I
n a three-part series on the India-China border issue that appeared in the columns of The Hindu from September 5-9, 2025, the author, Manoj Joshi, develops a narrative on the assertion that the India-China border was not properly defined. This article presents another view on the same.
Official Manchu maps
During the 267-year Manchu rule (1644-1911), two major maps of the Empire, drawn to scale with coordinate lines, were prepared with the assistance of European Jesuits. The first is Emperor Kang-hsi’s map (1721), depicting the territorial bequest of the Tibet-Assam segment to the then Republic of China (RoC). In the map, Tibet was never conceived as a trans-Himalayan state.
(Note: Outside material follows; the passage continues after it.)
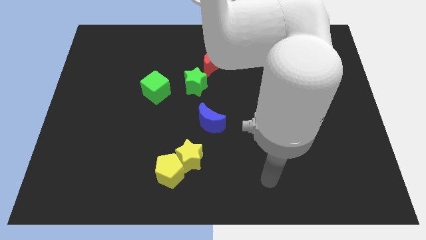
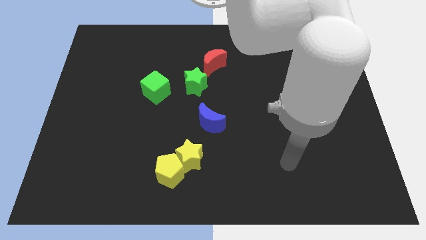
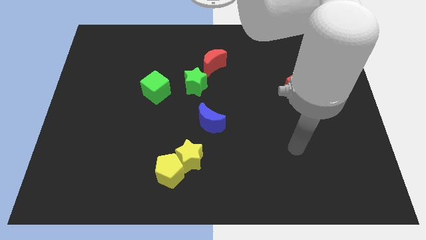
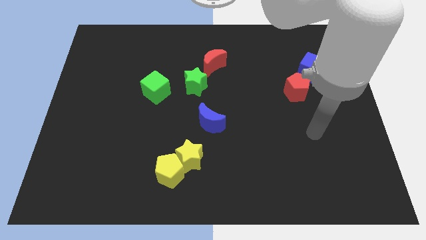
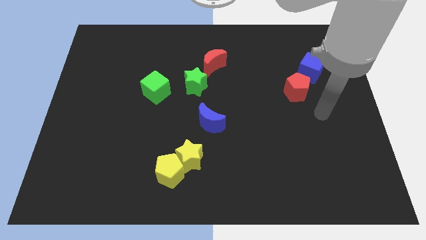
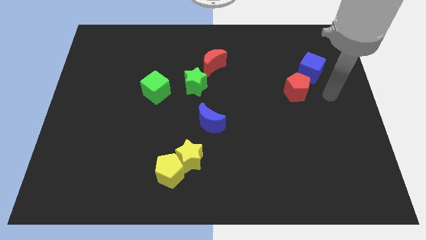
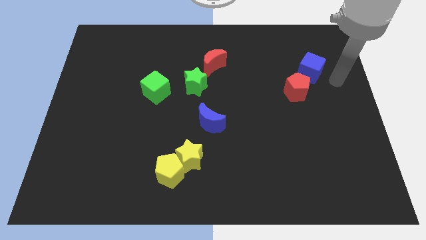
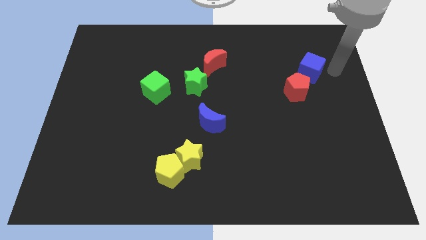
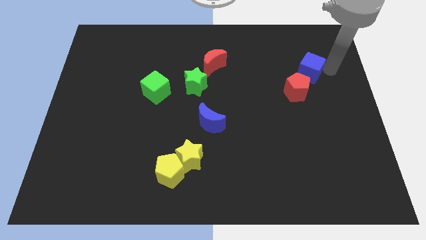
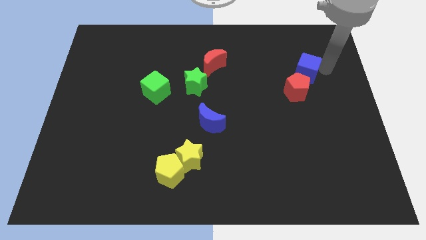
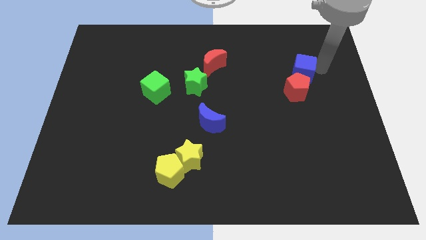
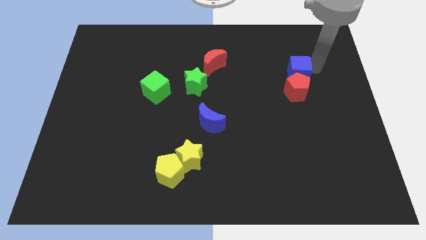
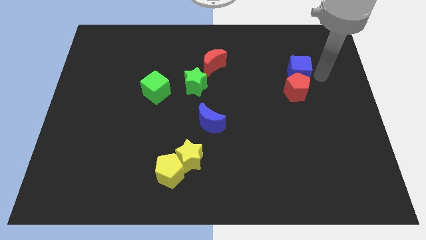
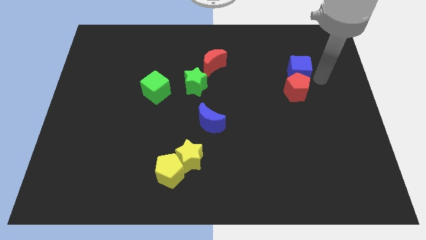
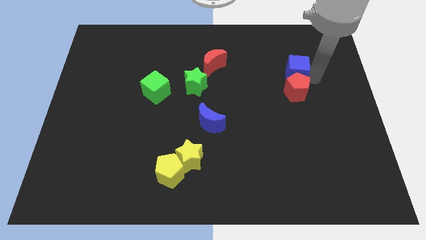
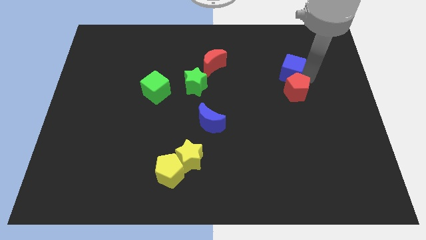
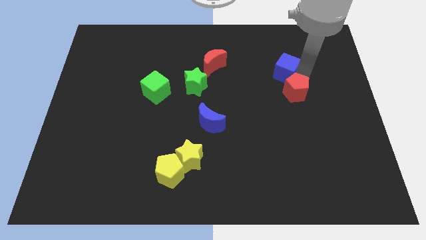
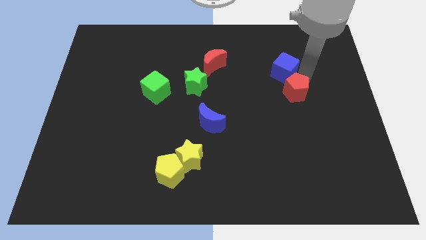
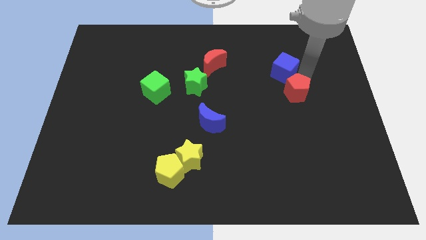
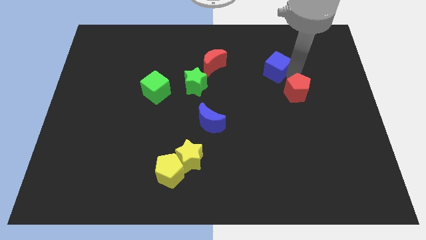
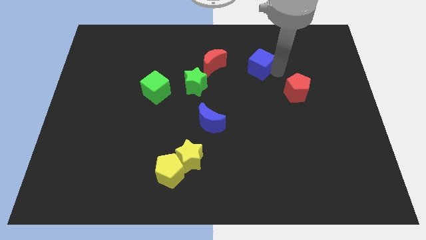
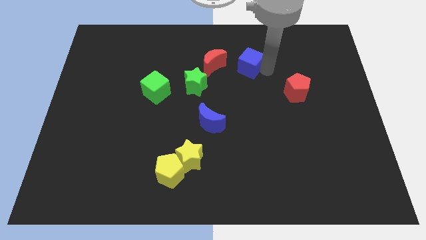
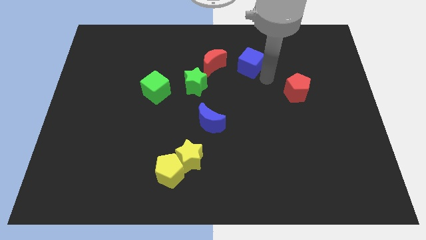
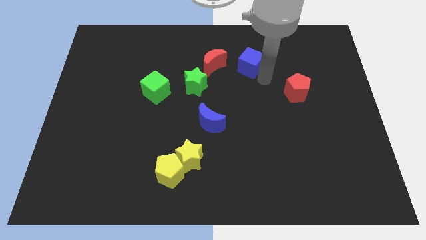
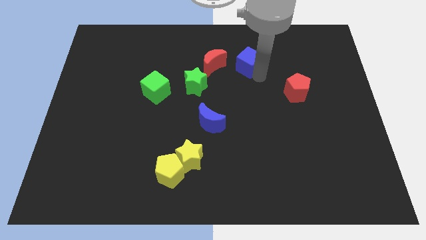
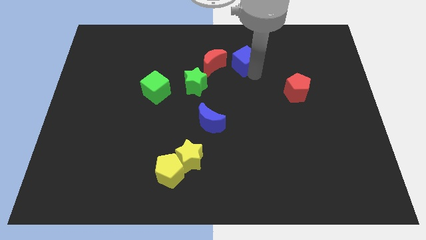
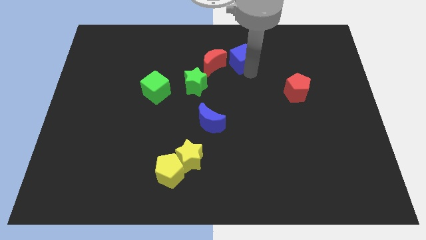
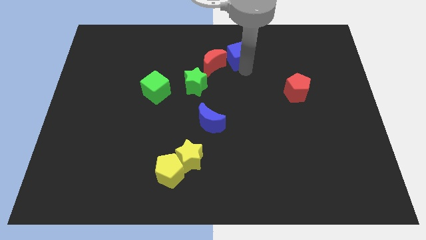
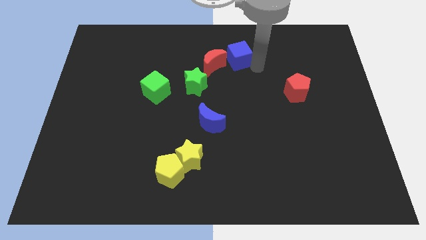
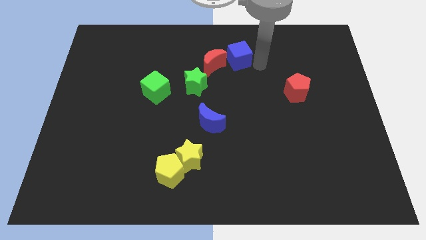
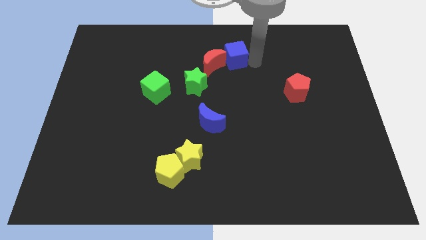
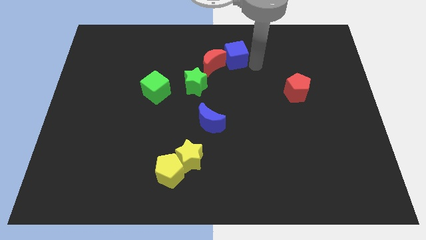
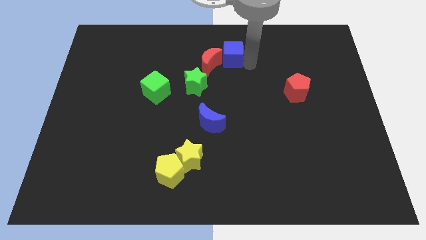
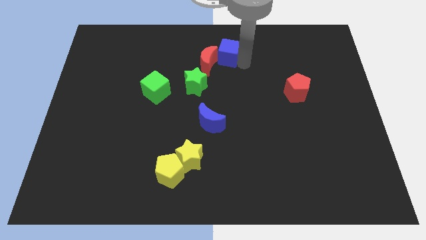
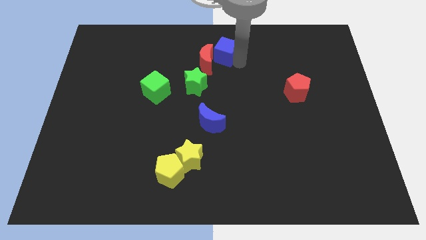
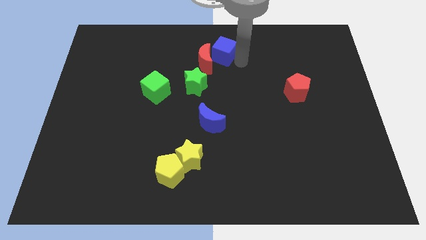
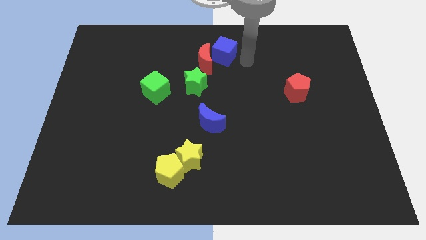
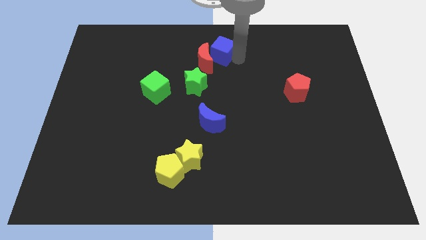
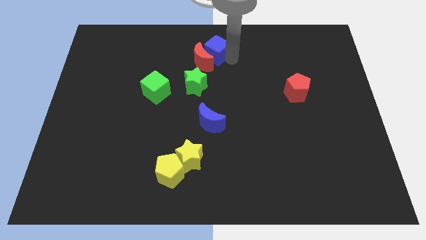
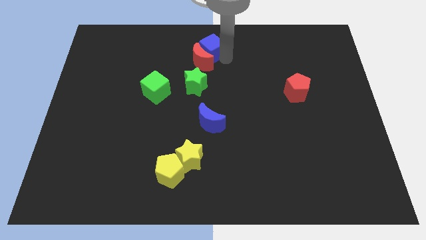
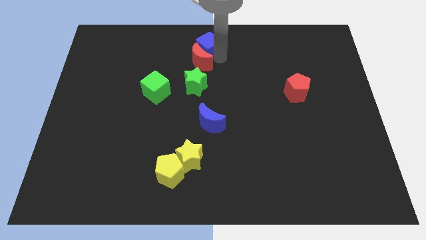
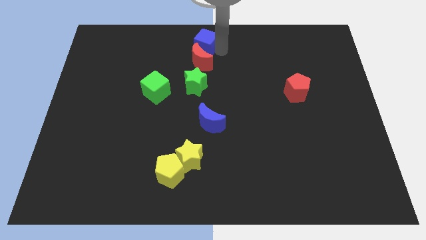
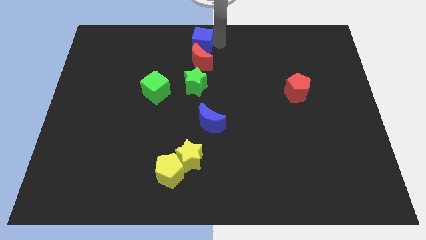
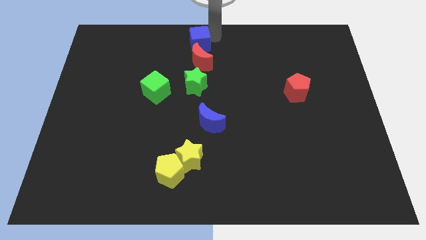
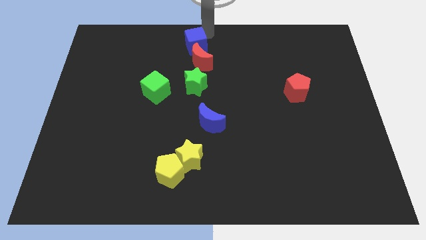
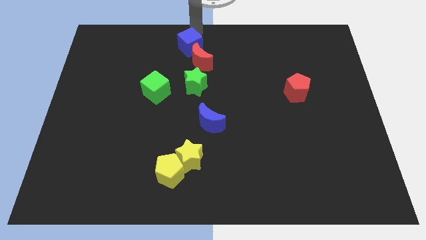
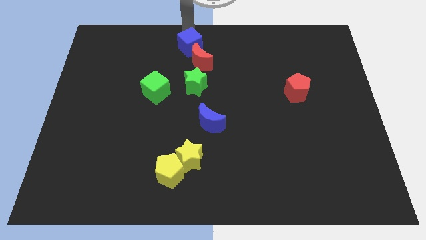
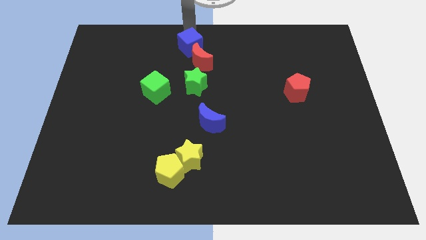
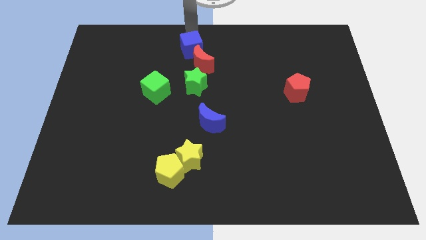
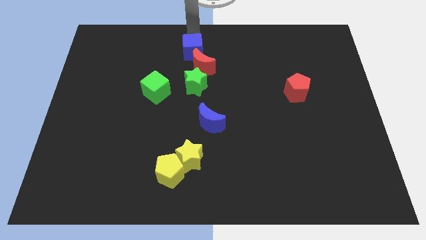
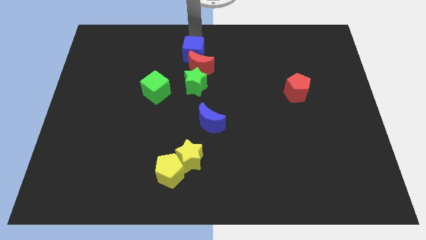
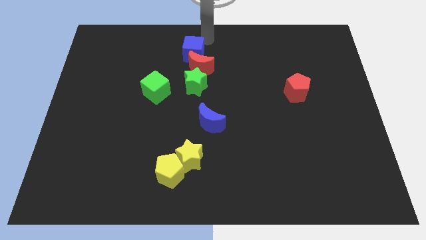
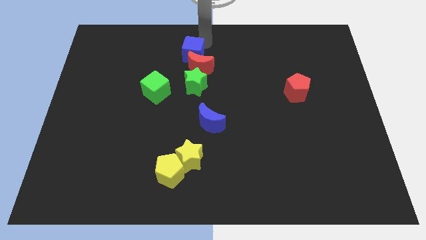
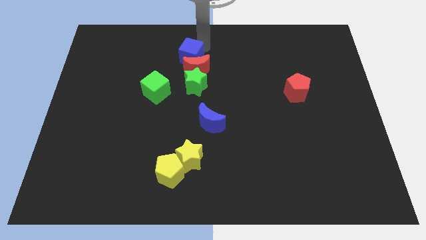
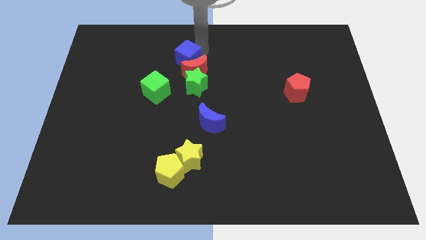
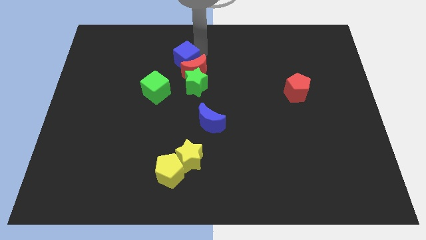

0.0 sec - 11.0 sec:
push the blue cube to the top left side of the green star

Its southern boundary extended only upto the Himalayas, for Tibetans never resided on the southern side of the Himalayan divide. Consequently, non-Tibetan Tawang, south of the Himalayan divide, although Buddhist, was not depicted as Tibetan territory. Corroborative evidence in this regard comes from the RoC delegate’s statement during the Simla Conference (1913-14), in which he categorically maintained that Tibet had no claim to the territories of the tribal belt (corresponding to present day Arunachal Pradesh) on the Assam side of the Himalayan divide, for they were not ethnically Tibetan and were self-governing.